Polacy parkują, gdzie uznają za właściwe, nie bacząc na zakazy, śmiecą na potęgę i często nie przestrzegają zakazu hałasowania, płosząc tym samym dzikie zwierzęta. To jednak nie wszystkie przewinienia, jakich dopuszczają się grzybiarze podczas grzybobrania, choć jest to tradycja, która w Polsce sięga wielu wieków wstecz. Wiele osób, traktuje zbiory grzybów jako metodę na poprawe domowego budżetu.

Dodatkowo w Polsce, prawne podejście do grzybobrania jest wyjątkowo liberalne, gdyż nie ma praktycznie żadnych ograniczeń, o ile zbieramy grzybów w lasach znajdujących się w zasobach Lasów Państwowych.

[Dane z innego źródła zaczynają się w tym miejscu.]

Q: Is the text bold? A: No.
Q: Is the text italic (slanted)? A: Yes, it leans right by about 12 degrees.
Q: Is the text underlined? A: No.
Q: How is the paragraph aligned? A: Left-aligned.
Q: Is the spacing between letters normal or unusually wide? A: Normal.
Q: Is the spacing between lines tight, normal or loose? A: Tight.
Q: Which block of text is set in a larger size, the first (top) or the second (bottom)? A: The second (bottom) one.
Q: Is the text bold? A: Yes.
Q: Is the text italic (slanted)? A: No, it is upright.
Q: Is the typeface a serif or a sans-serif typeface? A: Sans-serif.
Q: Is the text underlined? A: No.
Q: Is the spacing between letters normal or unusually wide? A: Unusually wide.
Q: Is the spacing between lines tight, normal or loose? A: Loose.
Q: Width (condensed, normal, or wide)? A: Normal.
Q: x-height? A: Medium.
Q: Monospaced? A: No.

Gdzie w Polsce grzybów zbierać nie wolno? Jak przypomina serwis Finanse WP są to uprawy do 4 metrów wysokości, w drzewostanach nasiennych i powierzchniach doświadczalnych i w ostojach zwierzyny. Ponadto, grzybobranie jest zabronione na obszarach chronionych, czyli rezerwatach i parkach narodowych, a także na poligonach wojskowych.

Z rezerwatami i parkami narodowymi leśnicy mają niemały problem, gdyż często napotykają grzybiarzy, którzy zapominają, że w tych miejscach nie wolno naruszać runa leśnego, ani zbierać jakichkolwiek płodów leśnych. Grozi za to mandat do 500 złotych!

Gdzie grzybów zbierać nie wolno? Polacy często o tym zapominają!

Niestety, to nie jedyny problem, ale kiepsko jest także z naszą kulturą osobistą i przestrzeganiem prawa. Niestety, Polacy srogo w lasach i na obszarach przyleśnych śmiecą, a także parkują swoje samochody w miejscach do tego nieprzeznaczonych. W zasobach Lasów Państwowych jest aż 4 tysiące oznaczonych parkingów leśnych.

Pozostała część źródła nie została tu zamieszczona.